Jealous. You are. Because I will be rocking this out all Spring and Summer and in two years from now you'll start thinking it's cool.

And just for giggles, I'm wearing my furry muklucks today too. Oh yeah, they're coming back.

Monday, February 8, 2010

Party in the USA

So apparently I'm still capable of a hangover. However (thankfully) they are subtle and caused by a minimal amount of adult beverages. No matter that cause, I did not want to get out of bed this morning and am still walking around with my eyes half open. I'm certain the cold rain beating steadily on the window and the sound of water under the tires of passing cars isn't helping. That is such a "naptime" setting. I'm rambling.

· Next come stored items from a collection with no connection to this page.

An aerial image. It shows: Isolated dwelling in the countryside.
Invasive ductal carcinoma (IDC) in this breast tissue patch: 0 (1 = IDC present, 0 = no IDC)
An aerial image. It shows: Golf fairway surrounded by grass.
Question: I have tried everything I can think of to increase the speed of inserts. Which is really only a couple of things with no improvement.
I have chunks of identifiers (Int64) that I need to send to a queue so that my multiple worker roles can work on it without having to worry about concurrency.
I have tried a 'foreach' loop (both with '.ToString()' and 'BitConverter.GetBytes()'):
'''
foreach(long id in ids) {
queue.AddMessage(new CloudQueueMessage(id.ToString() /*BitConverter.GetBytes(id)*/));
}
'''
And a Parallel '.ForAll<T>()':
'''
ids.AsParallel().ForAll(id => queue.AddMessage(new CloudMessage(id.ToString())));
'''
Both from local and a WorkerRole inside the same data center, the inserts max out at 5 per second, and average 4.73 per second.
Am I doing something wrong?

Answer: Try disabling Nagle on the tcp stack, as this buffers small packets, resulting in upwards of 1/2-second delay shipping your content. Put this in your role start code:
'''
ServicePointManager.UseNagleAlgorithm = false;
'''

Boo made coffee this morning, warning me it was stout. I think it tastes fantastic and I would like a gallon. Perhaps an IV. But all is worth it! (well, the headache part doesn't really feel qualified). Last night was the Super Bowl and quite a fantastic party. I was able to make food, be ready on time, enjoy myself with friends and even have the placed cleaned up before going to bed. Perfect party! It was also my first party to host as an actual resident. A friend of a friend in from NYC told me my place was beautiful. - pat on the back -

Since moving in I've made a few decorative changes and think the place looks quite good myself. Loving the accolade. Oh, and the Saints won. That always helps. I wore my black and gold in support. And I currently need more coffee. I swear I only had 3 diabetic mimosas. I mean, full size plastic cup versions, but I used the good stuff. The black bottle, Freixnet, or something like that. It's fantastic. And Trop 50! Half the sugar and calories. Oh, whatever. I just need coffee.

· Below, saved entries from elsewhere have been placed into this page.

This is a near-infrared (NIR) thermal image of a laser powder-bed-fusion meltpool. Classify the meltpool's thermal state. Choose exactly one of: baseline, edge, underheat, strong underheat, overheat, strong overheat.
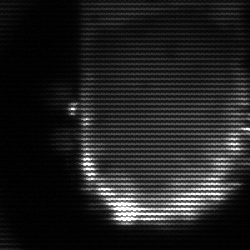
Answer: baseline
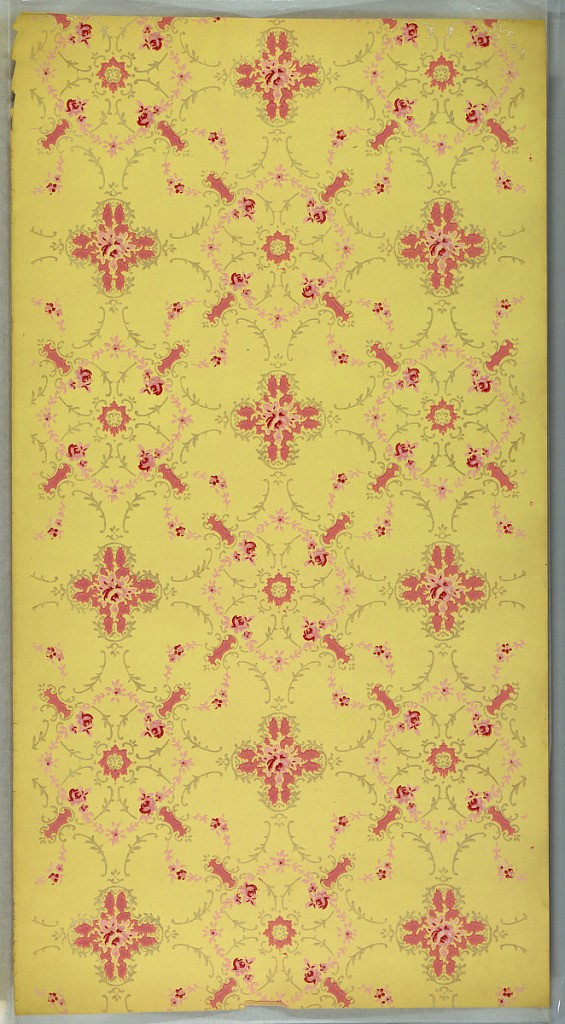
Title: Ceiling paper
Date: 1905–1915
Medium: Machine-printed paper, liquid mica
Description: Pink rose trellis with floral medallion centers. Adorned with foliate scrolls and floral swag. Yellow ground. Printed in pinks, red and white liquid mica.
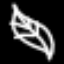
Label: leaf
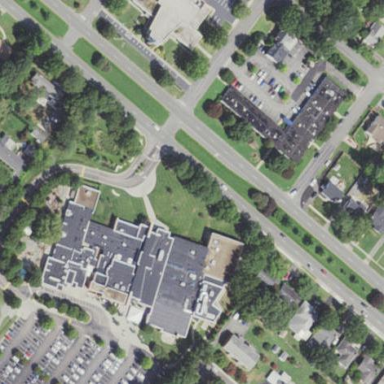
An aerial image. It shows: Community centre building.
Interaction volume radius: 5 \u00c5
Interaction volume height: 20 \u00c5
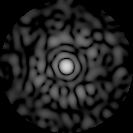
Disorder parameter: 0.8251

Thursday, February 4, 2010

Oh good grief

I'm not sure how to explain how I'm feeling right now. I guess I'll just start at the beginning. Brittany Murphy and Casey Johnson recently died, both having diabetes. I, too, was recently diagnosed and am working hard at figuring it out every day. But it's scary to have something chronic and not even just that, but to be in the 5% with Type-1, more prone for health issues. As far as causes of death, it turns out Brittany had pneumonia and anemia and instead of going to the doctor, self medicated, therefore complicating the situation and collapsing. That's a lesson in itself.


But Casey Johnson died of Diabetic Ketoacidosis - which means her blood sugar was so high for so long that her body shut down, placing her in a coma. Most diabetics are actually diagnosed this way. Insulin lowers your blood sugar, so if you aren't taking it because you don't know that you need it, then your blood sugar remains way too high, eventually leading to a coma. People collapse and are diagnosed in the ER. I am a slave to Web MD when I don't feel well and diagnosed myself. The doctor told me that I was days away from collapsing and ending up in the ER myself. I had Diabetic Ketoacidosis. I had what Casey Johnson died from.

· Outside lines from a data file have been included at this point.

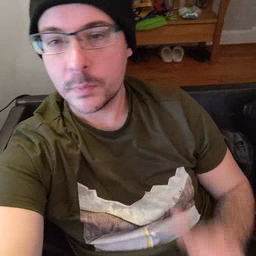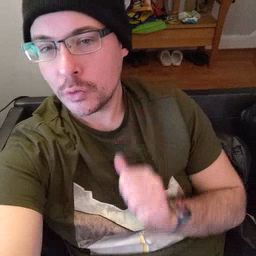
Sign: jacket
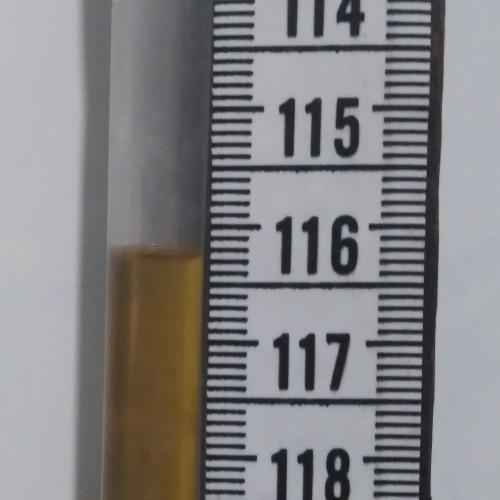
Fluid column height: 116.2 cm
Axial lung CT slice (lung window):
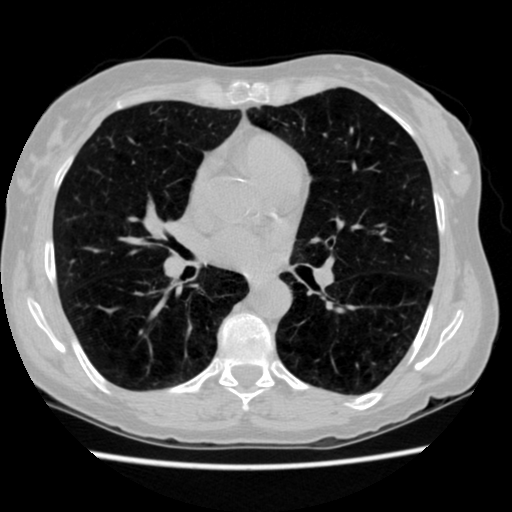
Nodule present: no

Diabetics don't die just from slipping into a coma. When they are treated right away they come out on the other side; however, she was alone. She lay unconscious alone and died. From high blood sugar.

So I suppose it's understandable to say that I can't really explain how I feel right now. I take my insulin. I adhere to a diet. I work hard to take care of myself to the point that I am so stressed I can't sleep at night and my boyfriend and I fight. This does not help my attitude. It terrifies me.

But I found something I think that will help me. I met with a rep for the America Diabetes Assocation's Dallas office because I am going to do a fundraiser. I'm planning a networking happy hour at a local restaurant for the community to get together, meet & greet and get to know each other. And in addition, I'm donating the proceeds to the ADA. There is over $4 million in diabetic research in North Texas alone. I'm donating to that research. Casey had Type-1. There is currently no cure. Type-2 can be prevented and in some cases cured. This is 95% of all cases. But for those of us in that 5%, I want to do something. For myself.